Trump says Democrats trying to 'steal' election in RNC acceptance speech

WASHINGTON — In an event that seemed more like a campaign rally than a convention, President Trump used his speech accepting the Republican presidential nomination to make unfounded accusations about electoral security, relitigate the 2020 Democratic presidential primary contest and muse about a presidential ticket made up of George Washington and Abraham Lincoln campaigning on a liberal platform in Texas.

“This is the greatest scam in the history of politics,” Trump said at one point during his remarks, in reference to plans by millions of Americans to vote by mail in November’s presidential election.

U.S. President Donald Trump speaks on the first day of the Republican National Convention at the Charlotte Convention Center on August 24, 2020 in Charlotte, North Carolina. (Chris Carlson-Pool/Getty Images)
President Trump speaks on Monday, the first day of the Republican National Convention, in Charlotte, N.C. (Chris Carlson-Pool/Getty Images)

It was far from the event Trump had imagined, with the coronavirus pandemic having largely frustrated his plans for a celebratory Republican National Convention. He had intended to move part of the convention to Jacksonville, Fla., but called that plan off after cases of COVID-19 surged in Florida earlier this summer.

And so the president arrived in Charlotte, N.C., on Monday to deliver the first of what are slated to be several speeches he plans to make during the RNC. He will make his main speech on Thursday evening. Monday’s remarks came after, as expected, Trump easily surpassed the 1,276 delegate endorsements needed to secure the nomination.

“I just tell it like it is,” he said in a freewheeling speech that included a number of misstatements, exaggerations and insinuations.

“Your American Dream will be dead,” he said of a potential Democratic victory, referring specifically to judicial appointments, which have been a hallmark of his own administration. Trump celebrated those appointments, as well as his tax cut for corporations and wealthy individuals. He did not, however, offer much substance on what a second Trump term might look like.

A significant portion of his speech focused on unfounded accusations that voting by mail will result in widespread fraud that will help his Democratic opponent, former Vice President Joe Biden.

“The only way they can take this election away from us is if this is a rigged election. We’re gonna win this election,” Trump said, describing what he said were record levels of enthusiasm for his presidency. In fact, more than half of Americans disapprove of the job he is doing.

Protesters hold a "Save the Post Office" demonstration outside a United States Postal Service location in Los Angeles, California, on August 22, 2020. (Kyle Grillot/AFP via Getty Images)
A Save the Post Office demonstration outside a United States Postal Service location in Los Angeles on Saturday. (Kyle Grillot/AFP via Getty Images)

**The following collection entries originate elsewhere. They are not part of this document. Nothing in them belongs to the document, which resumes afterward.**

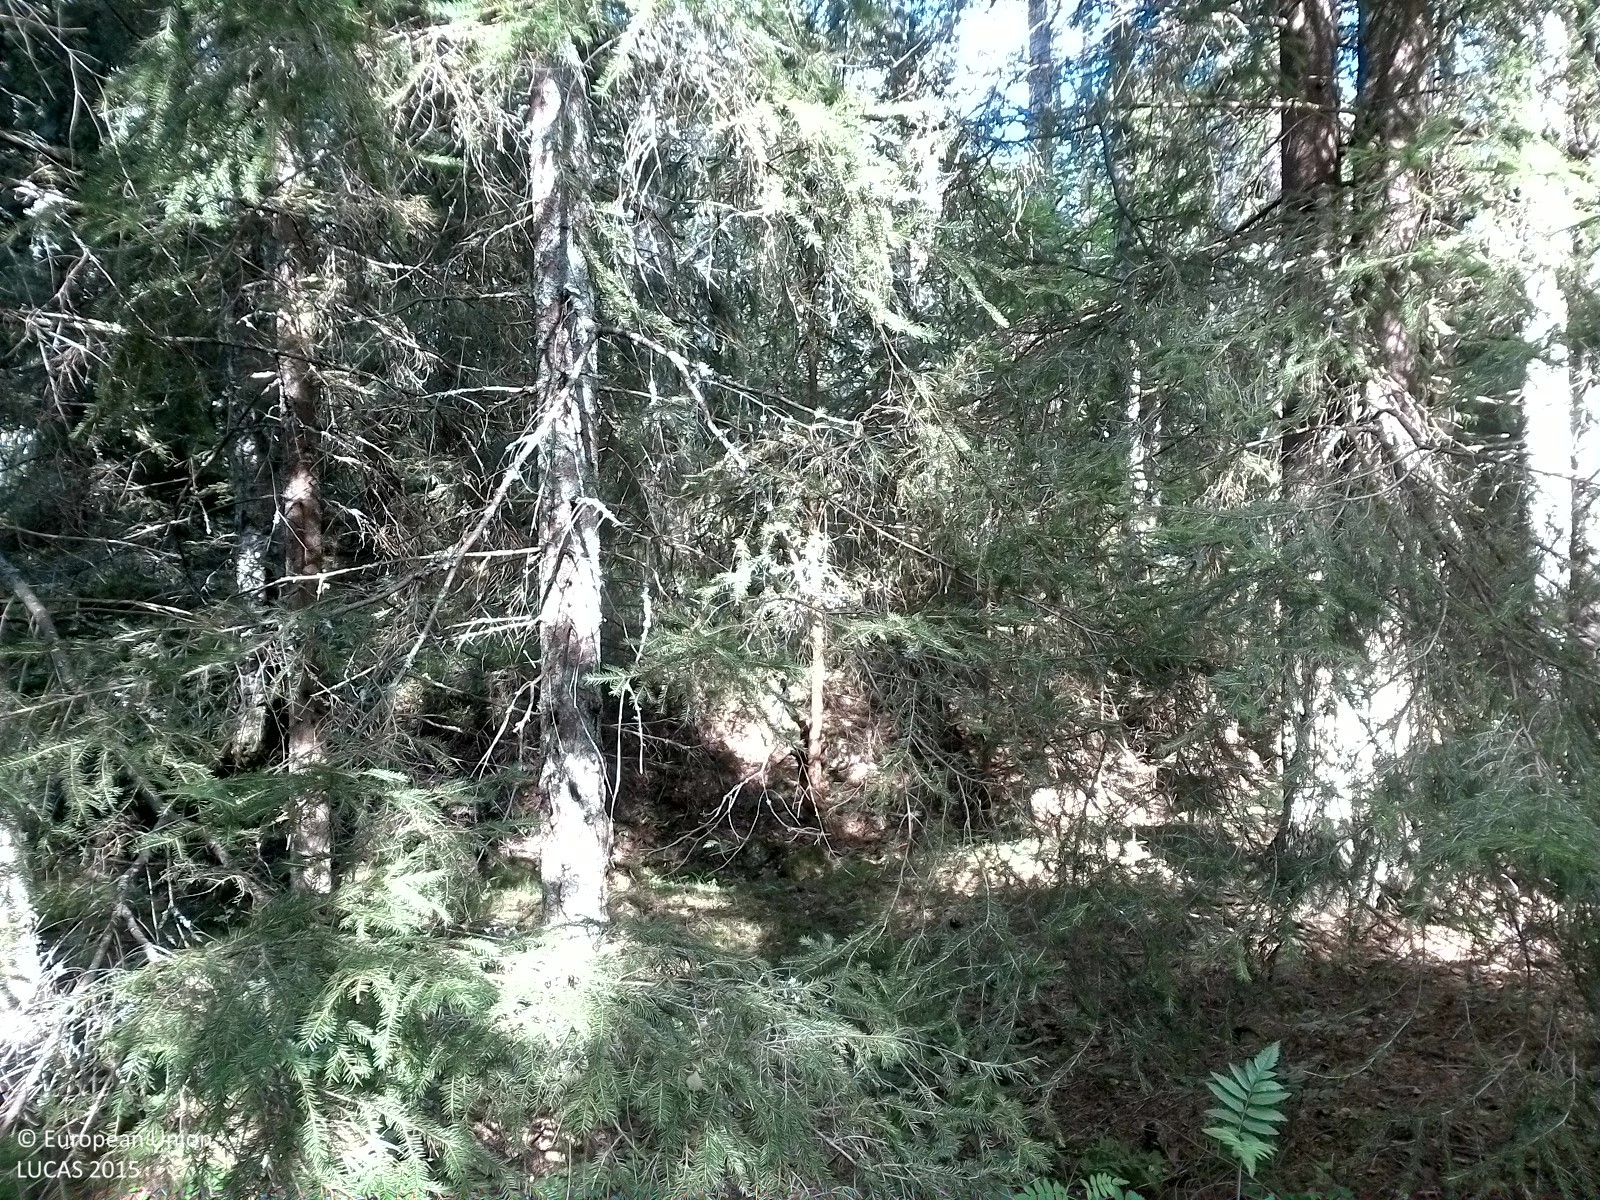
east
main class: Woodland
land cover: Other mixed woodland
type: boreal forest
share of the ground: 50 - 75 %
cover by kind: coniferous forest trees 35 %, lichens and mosses 30 %, broadleaved forest trees 20 %, herbaceous plants 15 %
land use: Forestry
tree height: > 5 m
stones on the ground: < 10 %
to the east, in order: Other mixed woodland; Tracks; Pine dominated mixed woodland; Grassland without tree/shrub cover; Artificial constructions in urban areas; Grassland without tree/shrub cover
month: August
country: SE
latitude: 59.2175
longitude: 14.7391
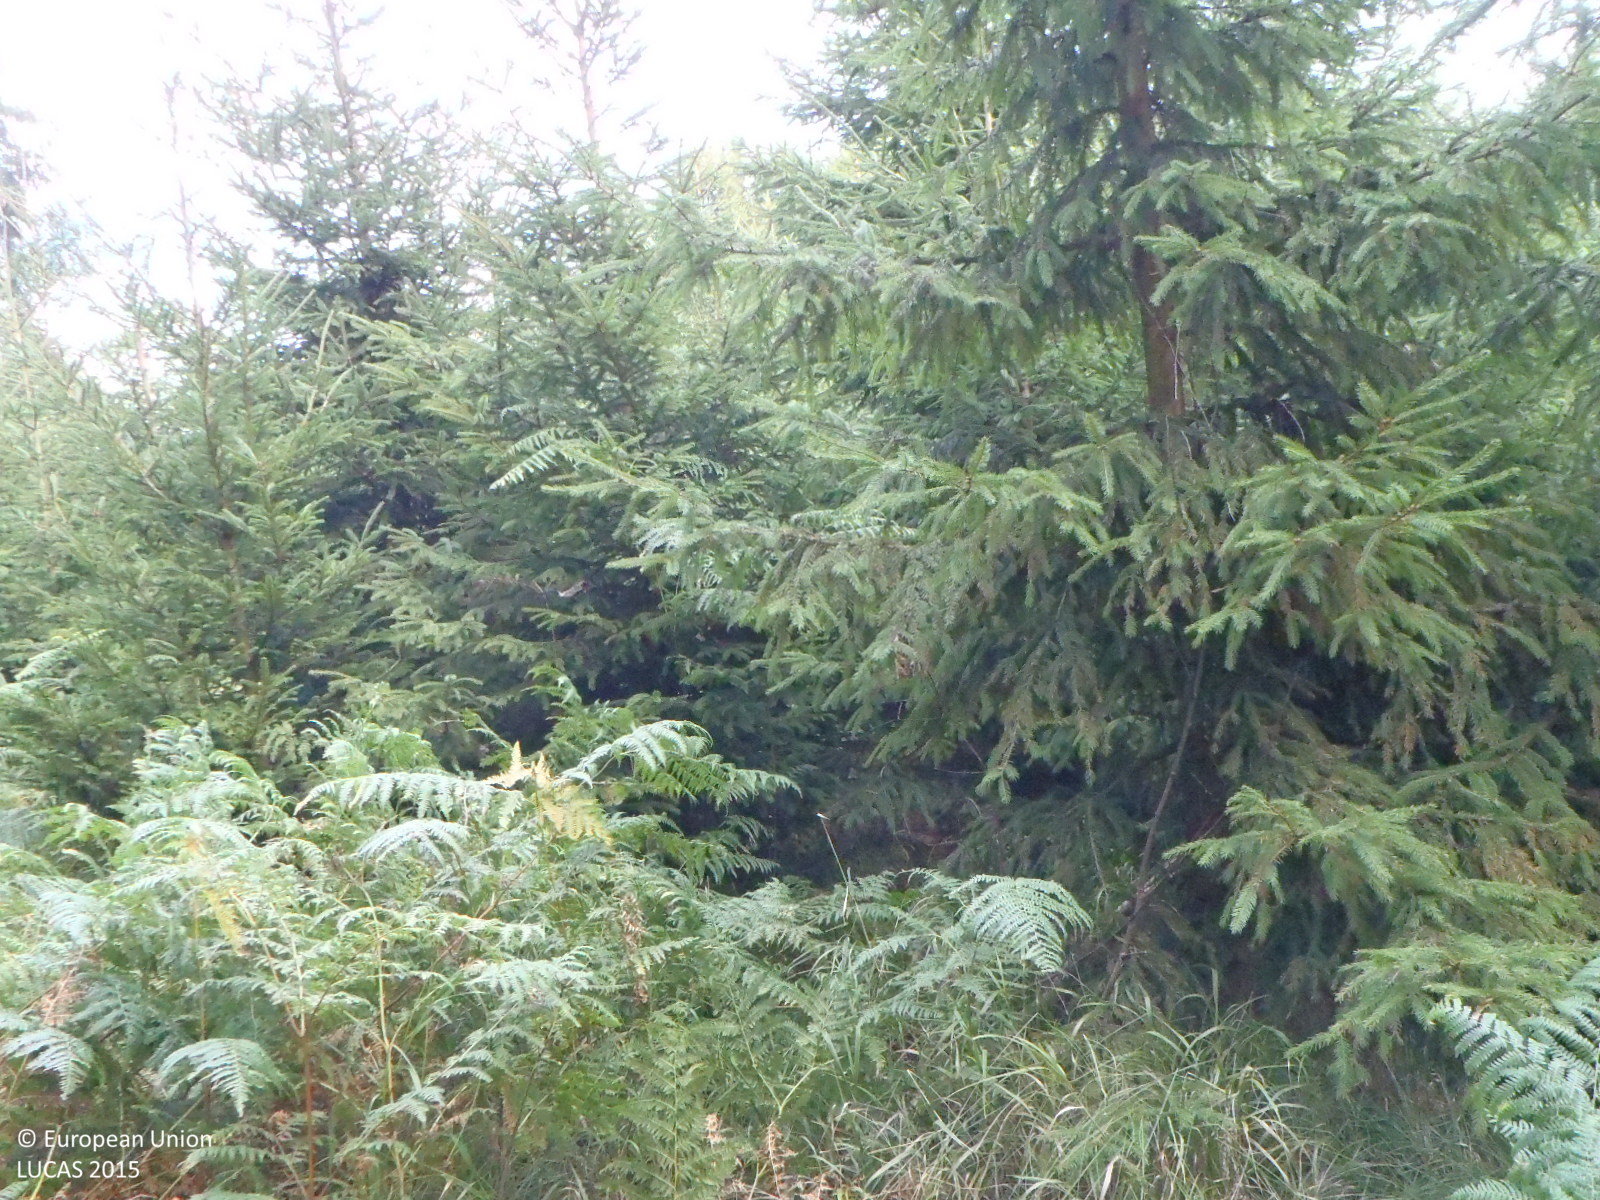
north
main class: Woodland
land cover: Spruce dominated coniferous woodland
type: hemiboreal forest and nemoral coniferous forest and mixed broadleaved-coniferous forest
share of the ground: > 75 %
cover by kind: coniferous forest trees 90 %, herbaceous plants 10 %
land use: Forestry
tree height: > 5 m
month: September
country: CZ
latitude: 50.8106
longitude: 14.1595
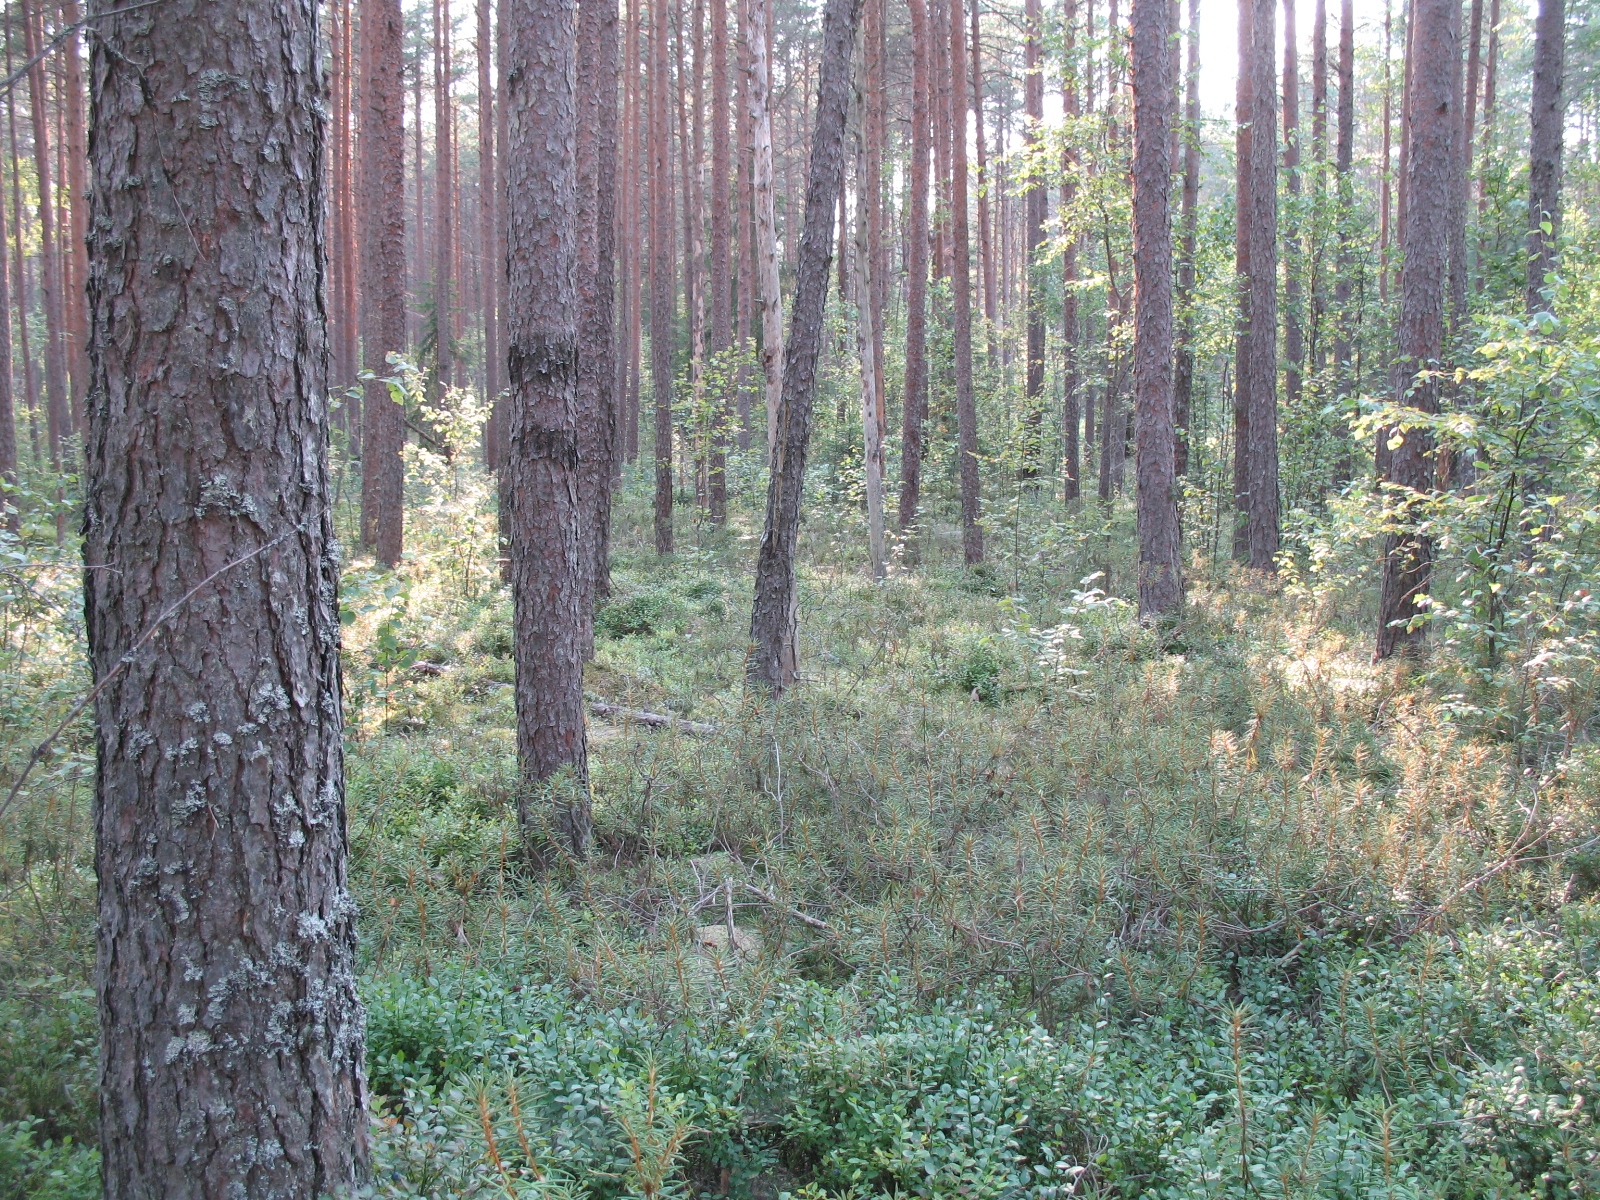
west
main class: Woodland
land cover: Pine dominated coniferous woodland
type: hemiboreal forest and nemoral coniferous forest and mixed broadleaved-coniferous forest
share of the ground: 50 - 75 %
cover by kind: coniferous forest trees 60 %, herbaceous plants 20 %, lichens and mosses 20 %
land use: Forestry
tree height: > 5 m
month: August
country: LV
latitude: 56.4370
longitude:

And yet Trump has continued to assert that Democrats can win only by cheating, which he charges they intend to do by engaging in systematic mail fraud. Fraud is infrequent when it comes to voting by mail, which many people may prefer to do in the midst of a pandemic.

“What they’re doing is using COVID to steal an election,” Trump said in Charlotte, referring to COVID-19, the disease caused by the coronavirus, which has killed about 176,000 Americans. “They’re using COVID to defraud the American people — all of our people — of a fair and free election.”

Studies have shown that one party does not benefit inordinately over the other from voting by mail.

That has not stopped Trump from making accusations that some believe could cause a loss of confidence in the November election. “They’re going to mail out 80 million ballots. It’s impossible, they have no idea. Who’s mailing them? Mostly Democrat states and Democrat governors.”

Contrary to that assertion, many Republican governors support and encourage voting by mail. Trump, a resident of Florida, votes by mail, as do many top officials in the White House.